Fizemos uma pausa de 20 min. para uma gostosa confraternização. Teve bolo que simbolizou a oficina 07 da TP4 e simbolizou também o meu aniversário a realizar- se no próximo dia 25. Assim, num clima de descontração, todos sopramos a velinha !...

Voltamos ao trabalho, agora em pequenos grupos, elaborando um plano de aula para a exploração do poema de Drummond: Cidadezinha Qualquer. Foi um momento muito rico.Todos trabalharam com entusiasmo e socializaram o planos ( com louvor! ). No final, eu apresentei, como forma de enriquecimento, os passos da aula que apliquei no 1°. Ano do ensino médio, com o referido texto.Mostrei as conclusões dos alunos e ouvi os cursistas. Falamos da busca do sentido do texto e passamos por caminhos como: gêneros e tipos textuais, inferências sobre a intencionalidade do autor, informações sobre Itabira, biografia de Drummond, forma do poema, estrutura sintática, etc.Até a cantineira parou para ouvir e no final fez comentários, provando que o conhecimento prévio do leitor é importante no processo de busca do sentido do texto.

A avaliação final apontou a oficina como muito proveitosa e prática: o ambiente acolhedor, liberdade de expressão, troca de experiências capazes de mudar a nossa prática.Disseram que a formadora é animada e entusiasmada e que consegue fazer a turma trabalhar.Concordo, mas preciso fazê- los trabalhar ainda mais, com naturalidade, sem ansiedade.
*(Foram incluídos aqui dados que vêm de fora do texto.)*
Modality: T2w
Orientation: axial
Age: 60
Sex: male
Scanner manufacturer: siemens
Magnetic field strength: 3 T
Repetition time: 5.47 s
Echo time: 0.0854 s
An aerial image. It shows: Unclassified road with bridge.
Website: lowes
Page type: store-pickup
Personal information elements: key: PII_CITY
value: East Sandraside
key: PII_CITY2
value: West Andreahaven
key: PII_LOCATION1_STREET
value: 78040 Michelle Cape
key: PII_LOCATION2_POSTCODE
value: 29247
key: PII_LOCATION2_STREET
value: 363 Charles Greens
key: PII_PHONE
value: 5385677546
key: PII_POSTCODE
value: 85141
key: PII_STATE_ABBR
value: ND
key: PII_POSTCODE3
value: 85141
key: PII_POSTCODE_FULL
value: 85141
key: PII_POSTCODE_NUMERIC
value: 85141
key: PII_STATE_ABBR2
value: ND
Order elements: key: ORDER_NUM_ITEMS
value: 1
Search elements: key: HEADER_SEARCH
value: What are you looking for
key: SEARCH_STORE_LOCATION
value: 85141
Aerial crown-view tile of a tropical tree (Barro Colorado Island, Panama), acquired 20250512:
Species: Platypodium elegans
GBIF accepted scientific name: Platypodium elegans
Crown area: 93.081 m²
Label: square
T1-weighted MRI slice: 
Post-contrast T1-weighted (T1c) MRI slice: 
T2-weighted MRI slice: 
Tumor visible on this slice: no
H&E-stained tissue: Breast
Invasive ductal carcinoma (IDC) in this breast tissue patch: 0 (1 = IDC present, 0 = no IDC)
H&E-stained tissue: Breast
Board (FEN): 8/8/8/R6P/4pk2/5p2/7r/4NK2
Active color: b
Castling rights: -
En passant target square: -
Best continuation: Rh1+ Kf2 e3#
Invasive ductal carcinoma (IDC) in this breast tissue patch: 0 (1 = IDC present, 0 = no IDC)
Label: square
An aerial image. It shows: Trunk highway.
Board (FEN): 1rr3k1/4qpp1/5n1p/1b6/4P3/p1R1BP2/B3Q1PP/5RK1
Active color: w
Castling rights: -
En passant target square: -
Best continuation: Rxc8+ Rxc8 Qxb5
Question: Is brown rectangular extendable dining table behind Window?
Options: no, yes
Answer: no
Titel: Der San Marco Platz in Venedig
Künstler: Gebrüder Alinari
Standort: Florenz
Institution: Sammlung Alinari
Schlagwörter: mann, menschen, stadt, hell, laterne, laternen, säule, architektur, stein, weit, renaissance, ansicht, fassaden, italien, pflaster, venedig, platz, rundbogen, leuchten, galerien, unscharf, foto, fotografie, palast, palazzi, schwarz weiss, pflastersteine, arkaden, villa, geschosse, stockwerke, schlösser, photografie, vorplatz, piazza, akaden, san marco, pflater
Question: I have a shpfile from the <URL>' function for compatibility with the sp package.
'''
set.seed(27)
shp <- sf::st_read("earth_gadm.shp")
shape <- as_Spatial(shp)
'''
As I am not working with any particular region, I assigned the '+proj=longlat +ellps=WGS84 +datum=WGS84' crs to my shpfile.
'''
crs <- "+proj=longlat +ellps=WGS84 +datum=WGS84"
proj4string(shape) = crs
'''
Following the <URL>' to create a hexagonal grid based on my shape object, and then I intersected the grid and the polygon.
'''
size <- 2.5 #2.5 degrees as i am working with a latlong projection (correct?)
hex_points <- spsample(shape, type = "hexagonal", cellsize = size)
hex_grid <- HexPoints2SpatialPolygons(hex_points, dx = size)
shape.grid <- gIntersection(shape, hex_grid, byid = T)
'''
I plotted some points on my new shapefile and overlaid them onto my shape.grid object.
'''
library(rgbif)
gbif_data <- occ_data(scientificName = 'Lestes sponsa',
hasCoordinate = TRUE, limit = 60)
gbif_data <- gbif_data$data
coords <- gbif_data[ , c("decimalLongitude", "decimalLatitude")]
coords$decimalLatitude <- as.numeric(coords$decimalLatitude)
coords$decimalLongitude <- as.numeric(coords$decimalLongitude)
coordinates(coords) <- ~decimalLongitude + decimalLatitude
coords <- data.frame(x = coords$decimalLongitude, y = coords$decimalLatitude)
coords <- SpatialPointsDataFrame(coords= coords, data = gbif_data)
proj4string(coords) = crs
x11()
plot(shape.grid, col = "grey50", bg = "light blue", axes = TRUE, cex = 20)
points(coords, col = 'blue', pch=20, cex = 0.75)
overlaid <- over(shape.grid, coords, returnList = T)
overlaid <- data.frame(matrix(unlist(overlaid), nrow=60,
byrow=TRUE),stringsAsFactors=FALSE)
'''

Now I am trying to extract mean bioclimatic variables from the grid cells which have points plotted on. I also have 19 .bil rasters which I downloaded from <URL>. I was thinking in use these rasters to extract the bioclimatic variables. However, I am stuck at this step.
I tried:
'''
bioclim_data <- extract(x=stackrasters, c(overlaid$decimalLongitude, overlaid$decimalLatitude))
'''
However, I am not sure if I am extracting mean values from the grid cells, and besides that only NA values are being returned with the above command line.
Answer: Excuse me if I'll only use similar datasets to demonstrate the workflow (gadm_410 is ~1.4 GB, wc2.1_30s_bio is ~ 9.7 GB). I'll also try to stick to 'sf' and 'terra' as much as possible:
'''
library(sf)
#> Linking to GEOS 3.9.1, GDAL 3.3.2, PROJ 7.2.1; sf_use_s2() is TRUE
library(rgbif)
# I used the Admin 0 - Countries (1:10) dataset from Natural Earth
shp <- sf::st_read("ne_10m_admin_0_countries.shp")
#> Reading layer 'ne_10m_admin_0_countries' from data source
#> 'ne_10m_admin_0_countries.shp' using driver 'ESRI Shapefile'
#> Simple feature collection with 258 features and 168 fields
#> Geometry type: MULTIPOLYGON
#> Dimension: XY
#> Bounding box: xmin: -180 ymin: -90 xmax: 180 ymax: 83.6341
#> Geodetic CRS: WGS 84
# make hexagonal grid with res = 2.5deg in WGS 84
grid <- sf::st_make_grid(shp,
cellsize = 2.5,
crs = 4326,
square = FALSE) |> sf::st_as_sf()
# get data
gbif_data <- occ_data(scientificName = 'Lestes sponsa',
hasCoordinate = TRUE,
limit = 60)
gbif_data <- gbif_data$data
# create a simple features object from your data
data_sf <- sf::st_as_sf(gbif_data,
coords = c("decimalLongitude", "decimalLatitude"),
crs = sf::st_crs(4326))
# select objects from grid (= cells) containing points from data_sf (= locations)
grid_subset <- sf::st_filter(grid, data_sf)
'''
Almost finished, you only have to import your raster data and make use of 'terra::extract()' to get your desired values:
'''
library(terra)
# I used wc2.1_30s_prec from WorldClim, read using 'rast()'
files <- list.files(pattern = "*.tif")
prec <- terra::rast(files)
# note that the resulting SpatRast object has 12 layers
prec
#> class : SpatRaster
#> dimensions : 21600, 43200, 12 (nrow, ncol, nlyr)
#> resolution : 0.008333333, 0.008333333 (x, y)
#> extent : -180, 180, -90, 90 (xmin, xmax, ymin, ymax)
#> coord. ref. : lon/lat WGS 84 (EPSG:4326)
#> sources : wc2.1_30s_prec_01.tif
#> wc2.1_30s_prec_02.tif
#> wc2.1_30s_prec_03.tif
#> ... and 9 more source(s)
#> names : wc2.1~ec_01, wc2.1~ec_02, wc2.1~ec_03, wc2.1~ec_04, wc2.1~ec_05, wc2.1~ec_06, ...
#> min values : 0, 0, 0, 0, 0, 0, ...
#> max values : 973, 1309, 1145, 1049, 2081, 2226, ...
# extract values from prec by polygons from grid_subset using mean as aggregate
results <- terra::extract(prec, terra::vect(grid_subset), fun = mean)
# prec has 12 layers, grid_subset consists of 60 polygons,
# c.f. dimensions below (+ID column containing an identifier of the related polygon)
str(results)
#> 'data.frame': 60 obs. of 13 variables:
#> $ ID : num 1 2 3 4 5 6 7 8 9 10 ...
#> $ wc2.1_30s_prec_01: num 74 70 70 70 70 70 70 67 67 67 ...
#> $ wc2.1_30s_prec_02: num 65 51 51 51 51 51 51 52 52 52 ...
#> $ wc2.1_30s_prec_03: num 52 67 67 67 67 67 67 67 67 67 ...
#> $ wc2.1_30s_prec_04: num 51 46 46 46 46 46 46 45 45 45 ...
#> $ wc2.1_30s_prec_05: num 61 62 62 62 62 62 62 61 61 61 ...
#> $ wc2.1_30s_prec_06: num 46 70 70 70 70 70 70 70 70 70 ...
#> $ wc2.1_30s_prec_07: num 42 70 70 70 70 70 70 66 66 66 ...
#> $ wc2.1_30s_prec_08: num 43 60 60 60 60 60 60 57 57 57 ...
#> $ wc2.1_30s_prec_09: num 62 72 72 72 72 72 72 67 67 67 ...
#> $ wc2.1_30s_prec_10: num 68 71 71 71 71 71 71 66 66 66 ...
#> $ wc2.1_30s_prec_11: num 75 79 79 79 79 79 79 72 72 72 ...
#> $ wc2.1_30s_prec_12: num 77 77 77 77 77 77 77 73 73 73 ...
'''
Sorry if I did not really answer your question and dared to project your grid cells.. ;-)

Chegaremos lá!

Retomamos a discussão sobre projetos.Alguns já estão sendo estruturados, outros ainda estão na fase inicial. Em agosto, nos plantões, dedicar- me- ei exclusivamente a atender aos professores com dificuldades nesse sentido.

Olhamos os portfólios. Fizemos uma foto e os cursistas trocaram informações e experiências sobre os mesmos.Alguns comentários e observações foram feitas para que os cursistas possam desenvolvê- los com eficiência.

Antecipamos o conteúdo do próximo encontro “Mergulho no Texto” e lembramos a necessidade da leitura cuidadosa da TP.

Ah! A cursista Sônia reclamou do pouco tempo das oficinas. Há muito o que discutir e o tempo ‘ voa’. Precisamos ser artistas para priorizar o debate e conduzi- lo de forma produtiva. Também o tempo entre as oficinas (15 dias) não está sendo satisfatório. O professor precisa estudar as unidades (conteúdo) antes de aplicar as atividades para os alunos e o tempo tem sido um dificultador.

Encerramos com uma pequena mensagem, que não foi lida no encontro.Cada um levou para casa uma mensagem de incentivo,falando da importância de trabalharmos em equipe.

Valeu!!!

Um comentário:

  1. Oi Bernadete,que bom que você gostou do meu blog.Por aqui estamos um pouco atrasadas , mas devagar chego lá.
    Quanto a cor do blog, você acertou...rsrs além de ser a cor que mais gosto é de esperança também.